In the Book of Esther (II1, 13):
"And the letters were sent by posts into all the king's provinces to destroy, to kill, and to cause to perish, all Jews ... The posts went out, being hastened by the king's commandment, and the decree was given in Shushan the palace".
Further on. in the same book (VIII. 10-14) we read how couriers carried decrees reversing this decision:
"And he wrote in the King Asahuerus' name, and sealed it with the king's ring, and sent letters by posts on horseback, and riders on mules, camels and young dromedaries".
These references are not the earliest known in history.

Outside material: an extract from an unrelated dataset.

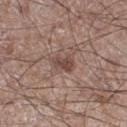Part of a total-body skin-imaging series; this lesion was reviewed on a skin check and was not flagged for biopsy. The lesion is located on the right thigh. The tile uses white-light illumination. The recorded lesion diameter is about 3 mm. The lesion-visualizer software estimated a mean CIELAB color near L≈45 a*≈18 b*≈23, a lesion–skin lightness drop of about 10, and a normalized lesion–skin contrast near 8. The analysis additionally found a classifier nevus-likeness of about 40/100. This image is a 15 mm lesion crop taken from a total-body photograph. A male patient aged 58 to 62.

Proof that letters were sent even earlier appears on the clay tablet's discovered towards the end of the 19th century at Tel el Amarna in Egypt and also in Cappadocia in Asia Minor.
Between 3000 and 1500 B.C. Cappadocia (now part of modern Turkey) was settled by merchants from Assyria and then became part of the dominions of Ur. Later the area formed part of the Hittite empire. In 1925 the famous Czech archaeologist, Bedrich Hrozny discovered an important cache of these tablets at Kultepe 'the hillock of ashes', about 19 kilometres from Kaisarieh, near Kanesh. They consisted of small plaques of square or rectangular format made of baked clay inserted in clay envelopes. Some envelopes were used for filing documents, and these bore the title of the document inside; others were used for letters and had an address on the outside and the seal of the sender. Letters like this were sent and received from one part of the empire to another, both by the king and by private individuals. They all end with a polite manner, expressing the hope that the gods would bless the receiver. The messages were written in cuneiform characters and their translation is a highly specialized job, but the letters furnish conclusive proof of the existence of a frequent courier service and the watchfulness of the state over communications.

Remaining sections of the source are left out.